Work request
Retype each entry exactly. Skip any pictures.

Stored items from a collection:
####

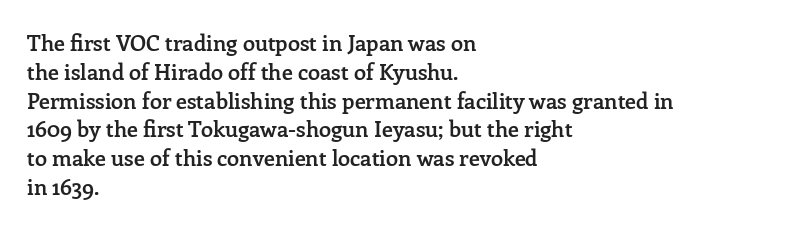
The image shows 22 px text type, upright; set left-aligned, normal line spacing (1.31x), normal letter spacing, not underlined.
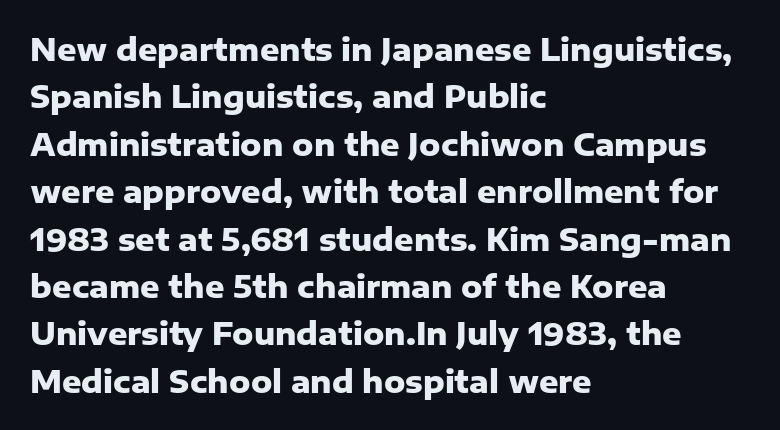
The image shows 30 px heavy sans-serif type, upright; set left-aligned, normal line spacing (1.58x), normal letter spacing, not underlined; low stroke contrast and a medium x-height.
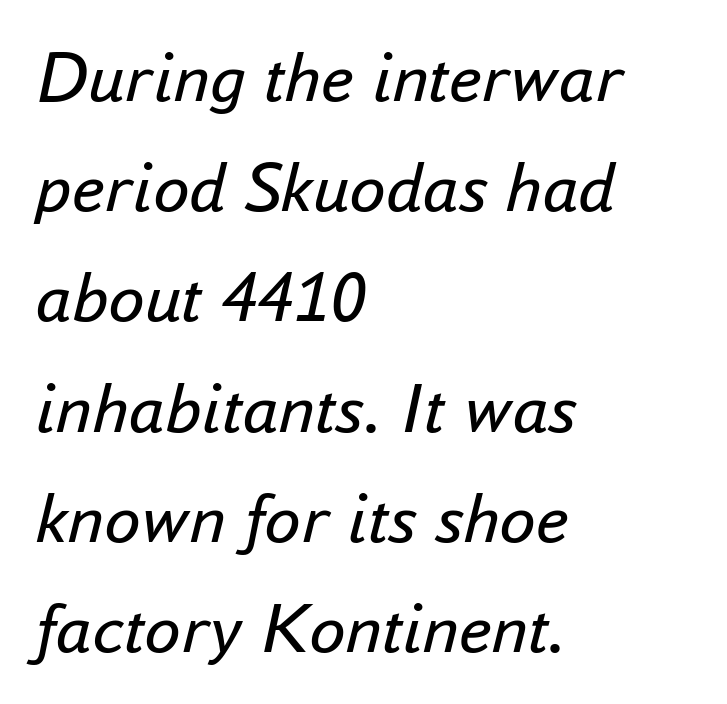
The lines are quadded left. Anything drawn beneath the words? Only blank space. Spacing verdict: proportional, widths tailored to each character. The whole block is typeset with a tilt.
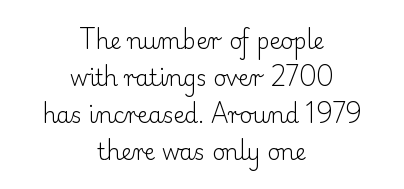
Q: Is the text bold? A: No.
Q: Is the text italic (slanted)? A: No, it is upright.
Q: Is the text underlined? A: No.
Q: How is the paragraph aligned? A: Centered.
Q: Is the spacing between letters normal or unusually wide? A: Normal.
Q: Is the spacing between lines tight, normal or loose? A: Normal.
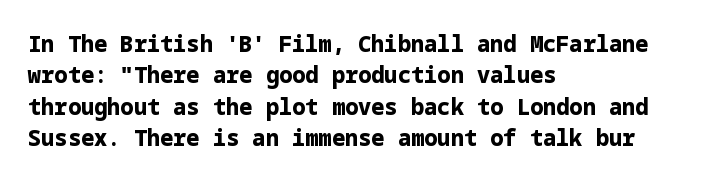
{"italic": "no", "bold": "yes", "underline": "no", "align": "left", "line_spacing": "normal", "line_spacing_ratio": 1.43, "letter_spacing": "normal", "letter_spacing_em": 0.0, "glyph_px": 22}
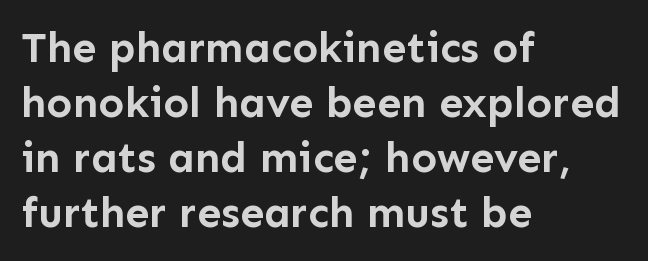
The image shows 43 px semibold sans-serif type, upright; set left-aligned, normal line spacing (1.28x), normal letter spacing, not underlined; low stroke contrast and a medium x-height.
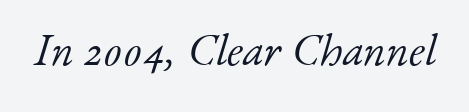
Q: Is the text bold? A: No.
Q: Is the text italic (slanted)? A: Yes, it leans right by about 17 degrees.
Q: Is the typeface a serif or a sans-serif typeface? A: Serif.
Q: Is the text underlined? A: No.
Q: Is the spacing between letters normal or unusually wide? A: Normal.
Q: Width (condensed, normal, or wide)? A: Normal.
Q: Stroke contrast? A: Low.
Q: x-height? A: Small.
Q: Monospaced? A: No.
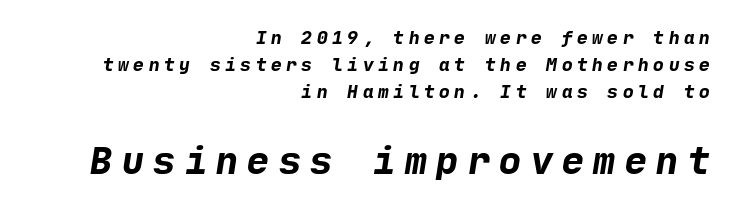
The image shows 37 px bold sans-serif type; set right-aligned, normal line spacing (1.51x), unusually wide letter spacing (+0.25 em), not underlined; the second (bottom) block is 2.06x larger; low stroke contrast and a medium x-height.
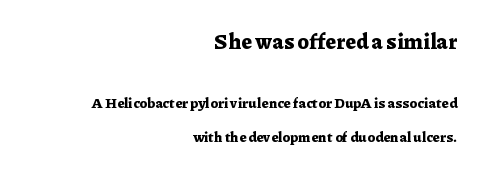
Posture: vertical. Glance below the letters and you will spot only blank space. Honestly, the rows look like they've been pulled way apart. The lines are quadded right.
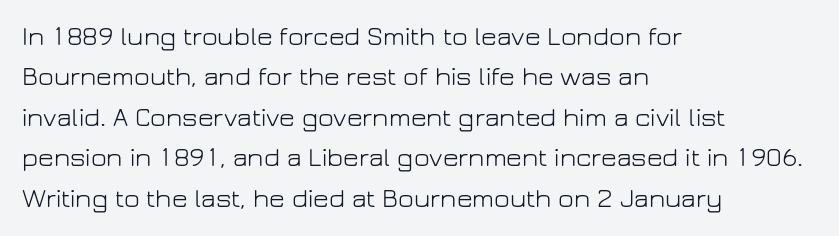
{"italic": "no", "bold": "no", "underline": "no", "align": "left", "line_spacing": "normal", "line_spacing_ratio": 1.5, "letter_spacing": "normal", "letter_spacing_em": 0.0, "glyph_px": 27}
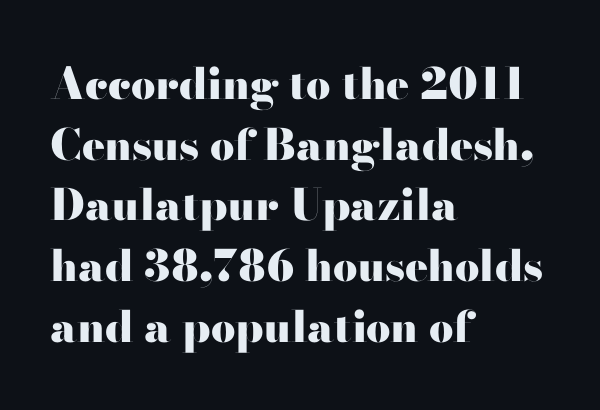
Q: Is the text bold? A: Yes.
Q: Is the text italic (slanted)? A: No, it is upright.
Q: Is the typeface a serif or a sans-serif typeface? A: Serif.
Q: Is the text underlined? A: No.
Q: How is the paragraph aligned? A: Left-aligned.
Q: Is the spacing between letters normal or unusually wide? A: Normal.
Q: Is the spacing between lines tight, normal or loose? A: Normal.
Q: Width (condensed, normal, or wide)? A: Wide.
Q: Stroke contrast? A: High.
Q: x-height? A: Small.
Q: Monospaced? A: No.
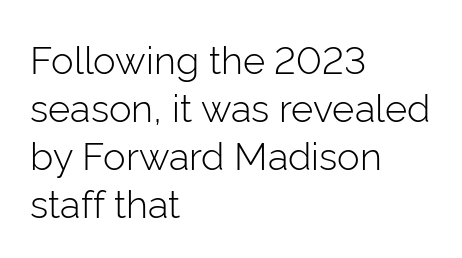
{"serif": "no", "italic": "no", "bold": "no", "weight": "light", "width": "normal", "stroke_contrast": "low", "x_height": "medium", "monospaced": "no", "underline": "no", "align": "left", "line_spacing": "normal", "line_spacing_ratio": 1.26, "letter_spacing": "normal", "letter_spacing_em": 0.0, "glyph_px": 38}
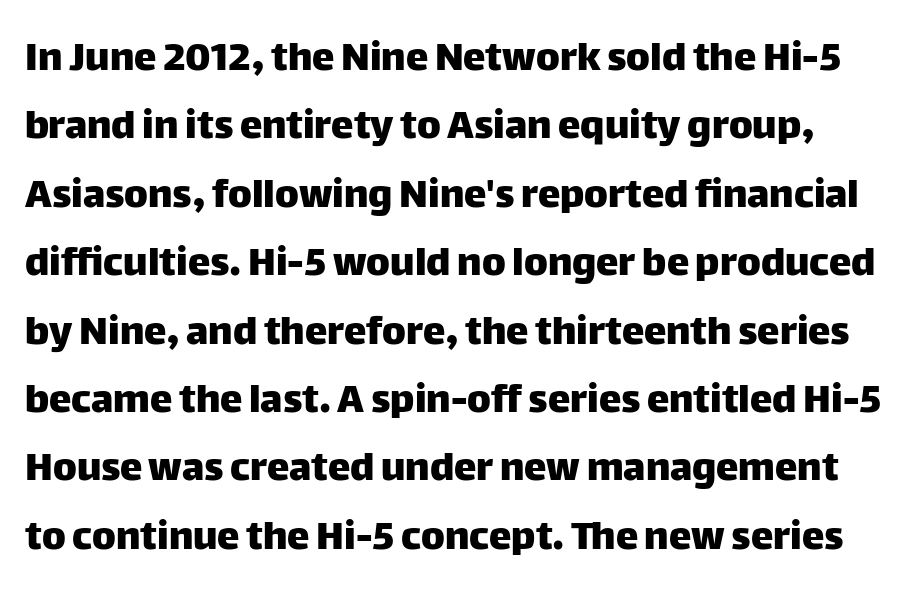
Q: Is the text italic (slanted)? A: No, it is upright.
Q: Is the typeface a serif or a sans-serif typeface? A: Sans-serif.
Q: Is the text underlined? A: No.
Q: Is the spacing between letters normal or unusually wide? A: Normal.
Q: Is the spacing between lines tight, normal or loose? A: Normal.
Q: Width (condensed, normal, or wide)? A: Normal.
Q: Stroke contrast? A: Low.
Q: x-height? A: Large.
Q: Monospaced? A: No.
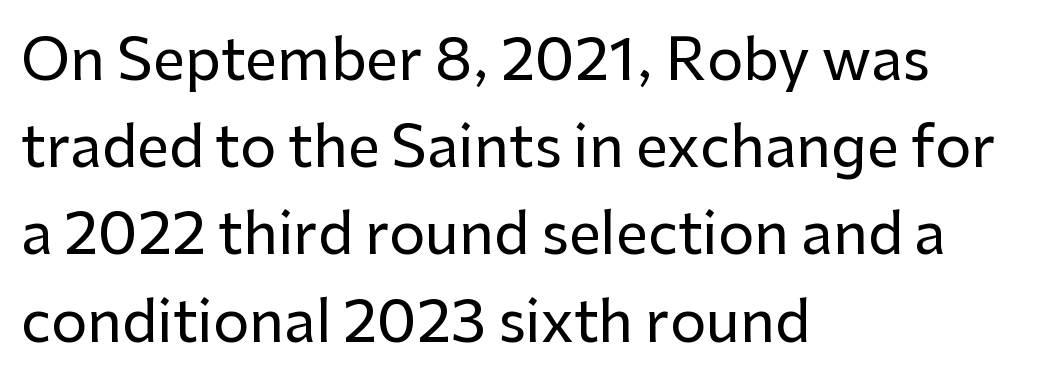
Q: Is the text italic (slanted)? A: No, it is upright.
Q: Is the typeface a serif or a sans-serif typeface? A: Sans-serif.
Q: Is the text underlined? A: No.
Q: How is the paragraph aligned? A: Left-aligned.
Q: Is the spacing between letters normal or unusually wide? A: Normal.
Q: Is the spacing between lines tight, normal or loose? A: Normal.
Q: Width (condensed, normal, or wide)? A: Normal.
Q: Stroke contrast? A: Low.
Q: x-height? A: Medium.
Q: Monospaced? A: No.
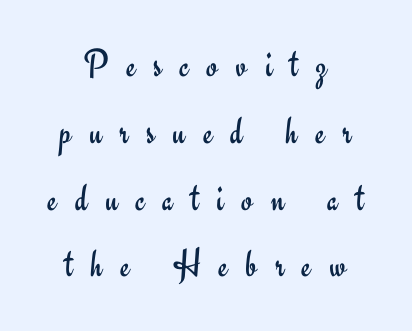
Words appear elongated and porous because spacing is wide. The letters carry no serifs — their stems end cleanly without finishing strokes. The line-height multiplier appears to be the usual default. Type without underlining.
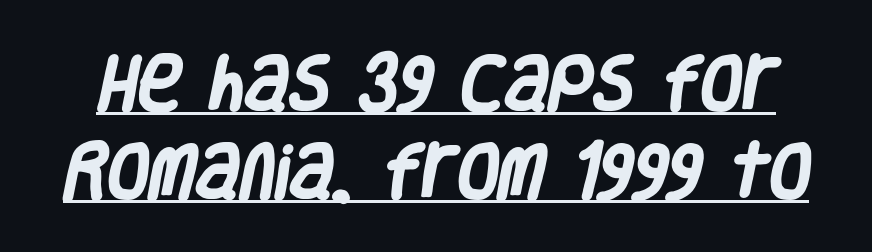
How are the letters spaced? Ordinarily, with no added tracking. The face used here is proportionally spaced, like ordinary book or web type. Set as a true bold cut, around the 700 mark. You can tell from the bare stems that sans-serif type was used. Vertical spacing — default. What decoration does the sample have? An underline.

####

Task output
The image shows 22 px text type, upright; set left-aligned, normal line spacing (1.31x), normal letter spacing, not underlined.
The image shows 30 px heavy sans-serif type, upright; set left-aligned, normal line spacing (1.58x), normal letter spacing, not underlined; low stroke contrast and a medium x-height.
The lines are quadded left. Anything drawn beneath the words? Only blank space. Spacing verdict: proportional, widths tailored to each character. The whole block is typeset with a tilt.
Q: Is the text bold? A: No.
Q: Is the text italic (slanted)? A: No, it is upright.
Q: Is the text underlined? A: No.
Q: How is the paragraph aligned? A: Centered.
Q: Is the spacing between letters normal or unusually wide? A: Normal.
Q: Is the spacing between lines tight, normal or loose? A: Normal.
{"italic": "no", "bold": "yes", "underline": "no", "align": "left", "line_spacing": "normal", "line_spacing_ratio": 1.43, "letter_spacing": "normal", "letter_spacing_em": 0.0, "glyph_px": 22}
The image shows 43 px semibold sans-serif type, upright; set left-aligned, normal line spacing (1.28x), normal letter spacing, not underlined; low stroke contrast and a medium x-height.
Q: Is the text bold? A: No.
Q: Is the text italic (slanted)? A: Yes, it leans right by about 17 degrees.
Q: Is the typeface a serif or a sans-serif typeface? A: Serif.
Q: Is the text underlined? A: No.
Q: Is the spacing between letters normal or unusually wide? A: Normal.
Q: Width (condensed, normal, or wide)? A: Normal.
Q: Stroke contrast? A: Low.
Q: x-height? A: Small.
Q: Monospaced? A: No.
The image shows 37 px bold sans-serif type; set right-aligned, normal line spacing (1.51x), unusually wide letter spacing (+0.25 em), not underlined; the second (bottom) block is 2.06x larger; low stroke contrast and a medium x-height.
Posture: vertical. Glance below the letters and you will spot only blank space. Honestly, the rows look like they've been pulled way apart. The lines are quadded right.
{"italic": "no", "bold": "no", "underline": "no", "align": "left", "line_spacing": "normal", "line_spacing_ratio": 1.5, "letter_spacing": "normal", "letter_spacing_em": 0.0, "glyph_px": 27}
Q: Is the text bold? A: Yes.
Q: Is the text italic (slanted)? A: No, it is upright.
Q: Is the typeface a serif or a sans-serif typeface? A: Serif.
Q: Is the text underlined? A: No.
Q: How is the paragraph aligned? A: Left-aligned.
Q: Is the spacing between letters normal or unusually wide? A: Normal.
Q: Is the spacing between lines tight, normal or loose? A: Normal.
Q: Width (condensed, normal, or wide)? A: Wide.
Q: Stroke contrast? A: High.
Q: x-height? A: Small.
Q: Monospaced? A: No.
{"serif": "no", "italic": "no", "bold": "no", "weight": "light", "width": "normal", "stroke_contrast": "low", "x_height": "medium", "monospaced": "no", "underline": "no", "align": "left", "line_spacing": "normal", "line_spacing_ratio": 1.26, "letter_spacing": "normal", "letter_spacing_em": 0.0, "glyph_px": 38}
Q: Is the text italic (slanted)? A: No, it is upright.
Q: Is the typeface a serif or a sans-serif typeface? A: Sans-serif.
Q: Is the text underlined? A: No.
Q: Is the spacing between letters normal or unusually wide? A: Normal.
Q: Is the spacing between lines tight, normal or loose? A: Normal.
Q: Width (condensed, normal, or wide)? A: Normal.
Q: Stroke contrast? A: Low.
Q: x-height? A: Large.
Q: Monospaced? A: No.
Q: Is the text italic (slanted)? A: No, it is upright.
Q: Is the typeface a serif or a sans-serif typeface? A: Sans-serif.
Q: Is the text underlined? A: No.
Q: How is the paragraph aligned? A: Left-aligned.
Q: Is the spacing between letters normal or unusually wide? A: Normal.
Q: Is the spacing between lines tight, normal or loose? A: Normal.
Q: Width (condensed, normal, or wide)? A: Normal.
Q: Stroke contrast? A: Low.
Q: x-height? A: Medium.
Q: Monospaced? A: No.
Words appear elongated and porous because spacing is wide. The letters carry no serifs — their stems end cleanly without finishing strokes. The line-height multiplier appears to be the usual default. Type without underlining.
How are the letters spaced? Ordinarily, with no added tracking. The face used here is proportionally spaced, like ordinary book or web type. Set as a true bold cut, around the 700 mark. You can tell from the bare stems that sans-serif type was used. Vertical spacing — default. What decoration does the sample have? An underline.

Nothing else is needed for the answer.